AVIS DE RECOUVREMENT DU TRESOR PUBLIC PREALABLE AUX POURSUITES

Compte tenu qu'au vu de la consultation de plus en plus importante de notre blog "le droit du citoyen", il apparaît que beaucoup d'usagers des services publics des collectivités locales gérés en régie s'interrogent sur la légalité des "avis de recouvrement de redevances pour services rendus", nous rappellerons ci-après quelques textes et conseils. 

« INTERÊTS PRIVES »                         n° 1066 décembre 2004

 

Avis à tiers détenteur : les dérapages du Trésor (Public)

 

« Pas question, dit le juge, d'utiliser à tort et à travers l'avis à tiers détenteur pour recouvrer les amendes.

 

Pour récupérer le montant des impôts impayés, le Trésor Public dispose de plusieurs moyens dont un a tout particulièrement sa faveur : c'est l'avis à tiers détenteur. Simple et efficace, sans mise en demeure préalable, cette procédure redoutable lui permet de saisir entre les mains de tiers les sommes d'argent dont ces derniers sont débiteurs envers le contribuable (le plus souvent les comptes bancaires). Pour obtenir la mainlevée, le redevable doit régler sa dette avec toutes ses majorations ainsi que des frais bancaires élevés, parfois plus importants que la dette fiscale.

 

Cette pratique administrative s'avère tellement rentable que le Trésor Public a pris l'habitude de l'utiliser également pour recouvrer des créances d'une autre nature que fiscale et, notamment les amendes de police.

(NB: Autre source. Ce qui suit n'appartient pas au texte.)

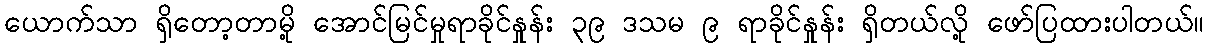
ယောက်သာ ရှိတော့တာမို့ အောင်မြင်မှုရာခိုင်နှုန်း ၃၉ ဒသမ ၉ ရာခိုင်နှုန်း ရှိတယ်လို့ ဖော်ပြထားပါတယ်။
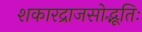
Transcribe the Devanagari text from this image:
शकारद्राजसोद्भूतिः
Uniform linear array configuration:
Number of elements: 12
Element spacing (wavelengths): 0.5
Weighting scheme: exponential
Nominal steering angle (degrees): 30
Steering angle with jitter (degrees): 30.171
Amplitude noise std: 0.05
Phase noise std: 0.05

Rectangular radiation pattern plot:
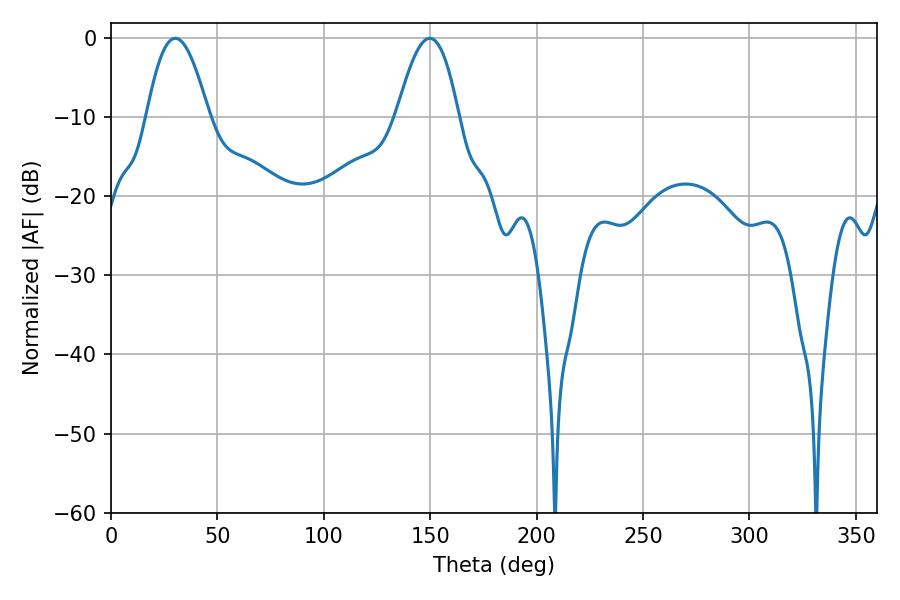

La Cour de cassation vient de mettre le holà à ces excès, appelant la comptabilité publique à plus de discernement dans l'application de l'ATD (cass. com. 12 mai 2004, Pourvoi 01-02710 ; cass. com 23 novembre 2004, arrêt 1670 FD). Fort de cet arrêt, les contribuables destinataires d'un ATD mal à propos peuvent demander le remboursement des frais de procédure indûment mis en œuvre.

 

Champ d'application de l'ATD

 

L'avis à tiers détenteur s'applique à toutes les catégories d'impôt (dette principale, pénalités et frais accessoires) dont le recouvrement est garanti par le privilège du Trésor (droit de préférence dont bénéficie l'État par rapport aux autres créanciers, même hypothécaires) et qui sont exigibles. Ces privilèges fiscaux s'exercent dans l'ordre suivant : contributions directes et TVA, droits d'enregistrement et contributions indirectes.

 

A contrario, les créances étrangères à l'impôt, bien que recouvrées par les comptables de l'impôt ne peuvent bénéficier de cette procédure : créances communales, amendes de police, contraventions SNCF ou RATP, consultations hospitalières, dommages et intérêts prononcés par les juridictions de l'ordre judiciaire...

 

Sommes d'argent exclusivement. L'ATD ne peut porter que sur des sommes d'argent et ne peut avoir effet que sur les sommes appartenant ou devant appartenir au redevable (salaires, comptes bancaires, loyers...).

 

ATD SUR COMPTES BANCAIRES

 

Lorsqu'il s'agit d'un ATD sur comptes bancaires, la banque est tenue :

-   de déclarer au créancier le solde et la nature du ou des comptes du débiteur au jour de la saisie ;

-   non seulement de bloquer la somme due mais aussi d'appliquer l'indisponibilité des sommes déclarées au créancier saisissant pendant les quinze jours ouvrables qui suivent la notification de l'opposition ;

-   et de fournir un relevé de toutes les opérations qui ont affecté les comptes depuis le jour de l'ATD lorsque le solde a subi une diminution. L'ATD porte sur l'ensemble des comptes ouverts au nom du débiteur (y compris les comptes joints) dans le ou les établissements, même si certains d'entre eux ne sont pas mentionnés sur l'avis. Par exemple, en cas de comptes multiples, une

créance de 100 € sera bloquée autant de fois que de comptes.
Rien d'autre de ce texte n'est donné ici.